Physical examination revealed bibasal dry crackles, 98% oxygen saturation at rest and clubbing. Pulmonary function tests showed a moderate restrictive pattern: FEV1/FVC ratio 99%, FVC 72% (2.52L), TLC 66% (3.14L), RV 48% (0.64L), and moderate alteration of DLCO 55%. Six-minute walking test exhibited 6% of desaturation (final SpO2 92%) walking 415m without stopping, with a post-walking Borg dyspnea score of 4. Blood analysis showed negative autoimmunity, elevated PTH, decreased 1,25-dihydroxy vitamin D3 (calcitriol) levels, hypocalcemia and low fractional urinary calcium and phosphate excretion.

Chest radiograph and Thorax HRCT showed micronodular pattern (Fig. 1B and C). Microliths were identified in the bronchoalveolar lavage. Genetic study revealed pathogenic variant c.1328delT (p.Leu443Argfs*6) in the SLC34A2 gene.

It is well known that PAM is an infrequent deadly genetic disease, diagnosed before age 50, slightly predominant in men worldwide, except in Spain, Italy and France.4 Although the frequency of the mutant gene in the general population is <0.008, familial frequency occurrence ranges between 32 and 61%, usually with horizontal transmission. Consanguinity was always present, when vertical transmission was reported.3

As well as Olauson et al., we also suggest a polygenic disorder.
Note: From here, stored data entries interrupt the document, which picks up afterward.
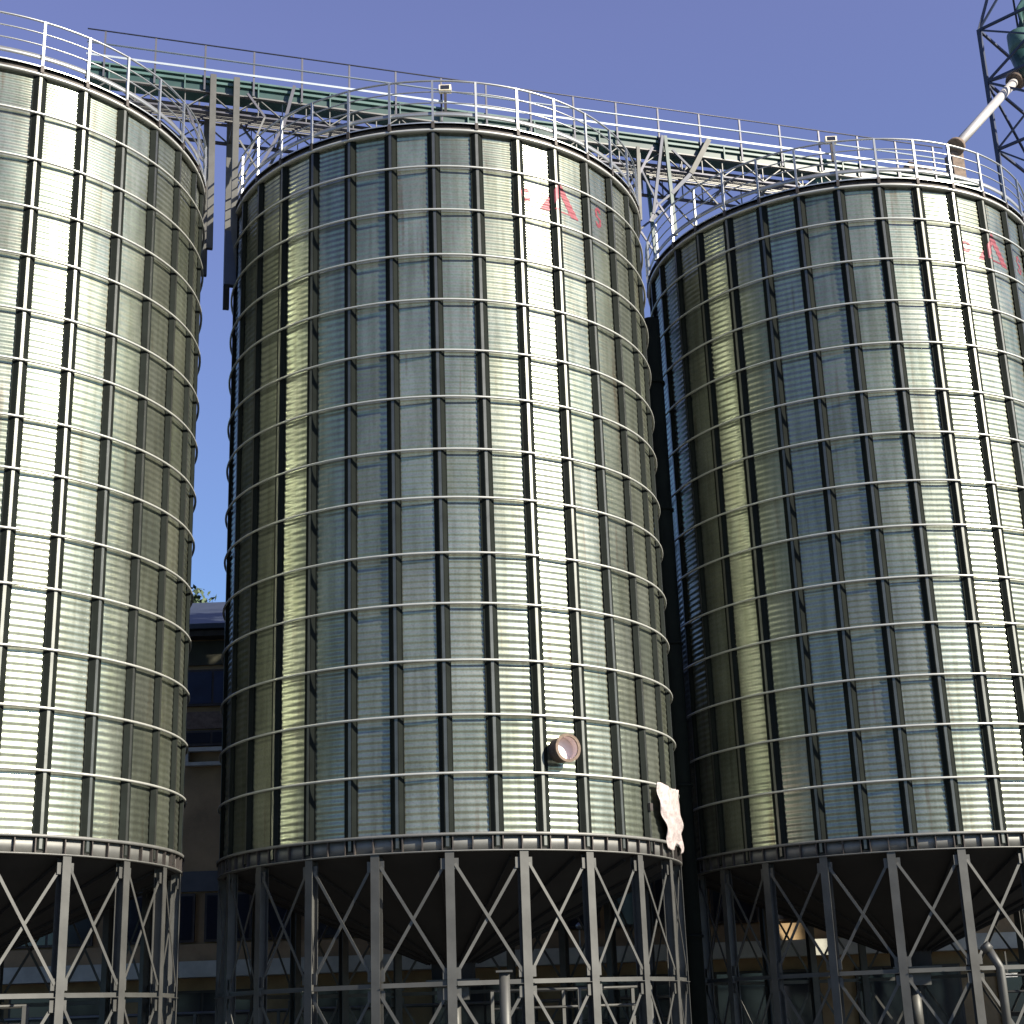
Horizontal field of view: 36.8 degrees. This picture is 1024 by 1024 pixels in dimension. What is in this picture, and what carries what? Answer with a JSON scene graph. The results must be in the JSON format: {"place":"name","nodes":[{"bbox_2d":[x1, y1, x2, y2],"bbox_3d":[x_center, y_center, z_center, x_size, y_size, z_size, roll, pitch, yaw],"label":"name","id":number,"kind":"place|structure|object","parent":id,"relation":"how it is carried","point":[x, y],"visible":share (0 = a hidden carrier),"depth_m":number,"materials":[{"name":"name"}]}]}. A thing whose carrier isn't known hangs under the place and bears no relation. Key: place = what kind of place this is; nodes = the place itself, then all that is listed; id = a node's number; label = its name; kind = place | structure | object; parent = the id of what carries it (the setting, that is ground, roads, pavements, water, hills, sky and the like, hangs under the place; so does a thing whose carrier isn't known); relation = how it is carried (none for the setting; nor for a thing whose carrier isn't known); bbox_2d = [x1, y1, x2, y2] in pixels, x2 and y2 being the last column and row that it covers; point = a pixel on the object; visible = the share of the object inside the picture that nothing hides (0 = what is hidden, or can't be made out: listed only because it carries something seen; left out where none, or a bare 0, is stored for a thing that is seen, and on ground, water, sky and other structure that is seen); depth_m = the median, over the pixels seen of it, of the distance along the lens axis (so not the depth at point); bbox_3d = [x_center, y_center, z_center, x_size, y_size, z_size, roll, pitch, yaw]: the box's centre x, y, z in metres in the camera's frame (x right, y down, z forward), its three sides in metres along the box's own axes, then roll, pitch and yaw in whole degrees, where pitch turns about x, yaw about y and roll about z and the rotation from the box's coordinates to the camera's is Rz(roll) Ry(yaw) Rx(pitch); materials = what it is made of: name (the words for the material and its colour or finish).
{"place":"outdoors","nodes":[
{"label":"outdoors","id":0,"kind":"place"},
{"bbox_2d":[0,1004,28,1023],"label":"service platform","id":1,"kind":"structure","parent":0,"point":[25,1013],"depth_m":24.89,"materials":[{"name":"metal"}]},
{"bbox_2d":[0,602,1023,1023],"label":"mill building","id":2,"kind":"structure","parent":0,"point":[198,916],"depth_m":38.24,"materials":[{"name":"stone"}]},
{"bbox_2d":[7,998,99,1023],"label":"window","id":3,"kind":"structure","parent":2,"relation":"in","point":[73,1010],"depth_m":38.07,"materials":[{"name":"glass"}]},
{"bbox_2d":[15,915,94,948],"bbox_3d":[-11.689,10.358,38.777,2.300,1.190,0.107,-2,-18,0],"label":"window","id":4,"kind":"structure","parent":2,"relation":"in","point":[83,926],"depth_m":38.61,"materials":[{"name":"glass"}]},
{"bbox_2d":[102,894,195,944],"bbox_3d":[-9.140,10.267,38.777,2.300,1.190,0.107,-2,-18,0],"label":"window","id":5,"kind":"structure","parent":2,"relation":"in","point":[188,901],"depth_m":38.72,"materials":[{"name":"glass"}]},
{"bbox_2d":[186,730,221,746],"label":"window","id":6,"kind":"structure","parent":2,"relation":"in","point":[200,737],"depth_m":40.15,"materials":[{"name":"glass"}]},
{"bbox_2d":[187,669,223,706],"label":"window","id":7,"kind":"structure","parent":2,"relation":"in","point":[205,687],"depth_m":40.56,"materials":[{"name":"glass"}]},
{"bbox_2d":[177,989,249,1023],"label":"window","id":8,"kind":"structure","parent":2,"relation":"in","point":[201,1000],"depth_m":38.06,"materials":[{"name":"glass"}]},
{"bbox_2d":[204,892,289,941],"bbox_3d":[-6.592,10.177,38.777,2.300,1.190,0.107,-2,-18,0],"label":"window","id":9,"kind":"structure","parent":2,"relation":"in","point":[211,899],"depth_m":38.71,"materials":[{"name":"glass"}]},
{"bbox_2d":[318,922,354,937],"bbox_3d":[-4.044,10.086,38.777,2.300,1.190,0.107,-2,-18,0],"label":"window","id":10,"kind":"structure","parent":2,"relation":"in","point":[330,933],"depth_m":38.58,"materials":[{"name":"glass"}]},
{"bbox_2d":[300,986,393,1023],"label":"window","id":11,"kind":"structure","parent":2,"relation":"in","point":[356,1001],"depth_m":38.03,"materials":[{"name":"glass"}]},
{"bbox_2d":[432,978,537,1023],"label":"window","id":12,"kind":"structure","parent":2,"relation":"in","point":[481,1013],"depth_m":37.97,"materials":[{"name":"glass"}]},
{"bbox_2d":[554,908,600,929],"bbox_3d":[1.053,9.904,38.777,2.300,1.190,0.107,-2,-18,0],"label":"window","id":13,"kind":"structure","parent":2,"relation":"in","point":[571,924],"depth_m":38.59,"materials":[{"name":"glass"}]},
{"bbox_2d":[573,974,670,1023],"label":"window","id":14,"kind":"structure","parent":2,"relation":"in","point":[664,1003],"depth_m":37.99,"materials":[{"name":"glass"}]},
{"bbox_2d":[614,878,664,926],"bbox_3d":[3.602,9.814,38.777,2.300,1.190,0.107,-2,-18,0],"label":"window","id":15,"kind":"structure","parent":2,"relation":"in","point":[656,886],"depth_m":38.70,"materials":[{"name":"glass"}]},
{"bbox_2d":[710,890,794,923],"bbox_3d":[6.150,9.723,38.777,2.300,1.190,0.107,-2,-18,0],"label":"window","id":16,"kind":"structure","parent":2,"relation":"in","point":[714,896],"depth_m":38.63,"materials":[{"name":"glass"}]},
{"bbox_2d":[714,969,823,1023],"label":"window","id":17,"kind":"structure","parent":2,"relation":"in","point":[751,995],"depth_m":37.97,"materials":[{"name":"glass"}]},
{"bbox_2d":[854,963,966,1023],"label":"window","id":18,"kind":"structure","parent":2,"relation":"in","point":[947,992],"depth_m":37.94,"materials":[{"name":"glass"}]},
{"bbox_2d":[996,961,1023,1023],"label":"window","id":19,"kind":"structure","parent":2,"relation":"in","point":[1013,983],"depth_m":37.97,"materials":[{"name":"glass"}]},
{"bbox_2d":[0,0,1023,602],"label":"sky","id":20,"kind":"structure","parent":0,"point":[907,69],"materials":[{"name":"blue"}]},
{"bbox_2d":[490,985,653,1023],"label":"service platform","id":21,"kind":"structure","parent":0,"point":[563,1006],"depth_m":27.48,"materials":[{"name":"metal"}]},
{"bbox_2d":[575,922,581,946],"bbox_3d":[1.673,10.456,38.071,0.195,0.620,0.200,-2,-18,0],"label":"globe lamp","id":22,"kind":"object","parent":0,"point":[578,926],"visible":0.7,"depth_m":38.05,"materials":[{"name":"metal"}]},
{"label":"ground","id":23,"kind":"structure","parent":0,"visible":0},
{"bbox_2d":[0,11,206,1023],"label":"grain silo","id":24,"kind":"object","parent":23,"relation":"on","point":[102,200],"visible":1,"depth_m":26.81,"materials":[{"name":"metal"}]},
{"bbox_2d":[190,584,216,602],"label":"leafy tree","id":25,"kind":"object","parent":23,"relation":"on","point":[196,597],"visible":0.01,"depth_m":54.59,"materials":[{"name":"green plant"}]},
{"bbox_2d":[0,995,670,1023],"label":"pipe railing","id":26,"kind":"object","parent":23,"relation":"on","point":[195,1014],"visible":0.38,"depth_m":36.75,"materials":[{"name":"grey metal"}]},
{"bbox_2d":[214,80,691,1023],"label":"grain silo","id":27,"kind":"object","parent":23,"relation":"on","point":[448,746],"visible":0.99,"depth_m":28.34,"materials":[{"name":"metal"}]},
{"bbox_2d":[85,28,945,309],"bbox_3d":[0.801,-6.916,35.870,21.025,5.856,1.438,3,-19,-16],"label":"overhead catwalk","id":28,"kind":"object","parent":27,"relation":"on","point":[235,119],"visible":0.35,"depth_m":34.98,"materials":[{"name":"metal"}]},
{"bbox_2d":[439,84,450,111],"bbox_3d":[-1.525,-9.448,35.212,0.280,0.670,0.168,-2,-18,0],"label":"floodlight","id":29,"kind":"object","parent":28,"relation":"attached to","point":[446,87],"visible":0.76,"depth_m":35.21,"materials":[{"name":"white metal"}]},
{"bbox_2d":[89,60,979,189],"bbox_3d":[1.366,-8.857,36.346,21.900,1.800,0.515,3,-19,-16],"label":"chain conveyor","id":30,"kind":"object","parent":28,"relation":"on","point":[225,85],"visible":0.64,"depth_m":35.48,"materials":[{"name":"metal"}]},
{"bbox_2d":[824,136,836,161],"bbox_3d":[7.888,-8.942,37.965,0.280,0.670,0.168,-2,-18,0],"label":"floodlight","id":31,"kind":"object","parent":28,"relation":"attached to","point":[830,138],"visible":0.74,"depth_m":37.97,"materials":[{"name":"white metal"}]},
{"bbox_2d":[657,782,683,853],"bbox_3d":[2.990,5.716,28.692,0.132,1.200,1.470,-9,-19,20],"label":"plastic film","id":32,"kind":"object","parent":27,"relation":"attached to","point":[669,807],"visible":1,"depth_m":28.55,"materials":[{"name":"white plastic"}]},
{"bbox_2d":[496,970,512,1023],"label":"vent pipe","id":33,"kind":"object","parent":23,"relation":"on","point":[505,999],"visible":1,"depth_m":24.08,"materials":[{"name":"metal"}]},
{"bbox_2d":[645,317,707,1023],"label":"vertical duct","id":34,"kind":"object","parent":23,"relation":"on","point":[694,934],"visible":0.7,"depth_m":32.34,"materials":[{"name":"metal"}]},
{"bbox_2d":[645,138,1023,1023],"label":"grain silo","id":35,"kind":"object","parent":23,"relation":"on","point":[843,370],"visible":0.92,"depth_m":31.08,"materials":[{"name":"metal"}]},
{"bbox_2d":[1004,951,1017,976],"bbox_3d":[10.705,9.786,33.307,0.420,0.530,0.130,-2,-18,0],"label":"tube lamp","id":36,"kind":"object","parent":35,"relation":"hanging from","point":[1006,964],"visible":0.55,"depth_m":33.28,"materials":[{"name":"metal"}]},
{"bbox_2d":[980,941,1011,1023],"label":"vent pipe","id":37,"kind":"object","parent":23,"relation":"on","point":[986,947],"visible":1,"depth_m":27.12,"materials":[{"name":"metal"}]},
{"bbox_2d":[976,0,1023,212],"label":"elevator tower","id":38,"kind":"structure","parent":23,"relation":"on","point":[989,83],"depth_m":43.68,"materials":[{"name":"metal"}]},
{"bbox_2d":[946,70,1023,154],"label":"grain spout","id":39,"kind":"object","parent":38,"relation":"attached to","point":[1015,79],"visible":0.82,"depth_m":41.43,"materials":[{"name":"paint"}]},
{"bbox_2d":[1007,0,1023,77],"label":"bucket elevator","id":40,"kind":"object","parent":38,"relation":"on","point":[1014,41],"visible":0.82,"depth_m":44.00,"materials":[{"name":"teal paint"}]},
{"bbox_2d":[1006,974,1023,1015],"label":"service platform","id":41,"kind":"structure","parent":23,"relation":"on","point":[1014,991],"depth_m":29.78,"materials":[{"name":"metal"}]}
]}

Explaining hypocalcemia, serum elevation of PTH and hypocalciuria, because of decreased calcitriol; while hypophosphaturia could be explained by mutation of fibroblast growth factor 23 (FGF23) gene.1 We hypothesized, that there is no evidence of hyperphosphatemia due to decreased absorption of phosphate in gut by the NaPi-IIb cotransporter dysfunction and renal homeostasis.5

Therefore, is PAM associated to calcium metabolism disorder a polygenic disease? The altered function of NaPi-IIb cotransporter associated with SLC34A2 gene mutation in patients with PAM could be related to impaired calcium-phosphate metabolism. More studies are necessary to better study this axis and find effective treatments related to SLC34A2 gene or others, which could reverse the deposit of microliths in the lung and improve phosphate metabolism too. Furthermore, facing a consanguinity family history, the genetic study can corroborate the presence of the mutated gene and discard other affected relatives, in addition to carriers of the disease.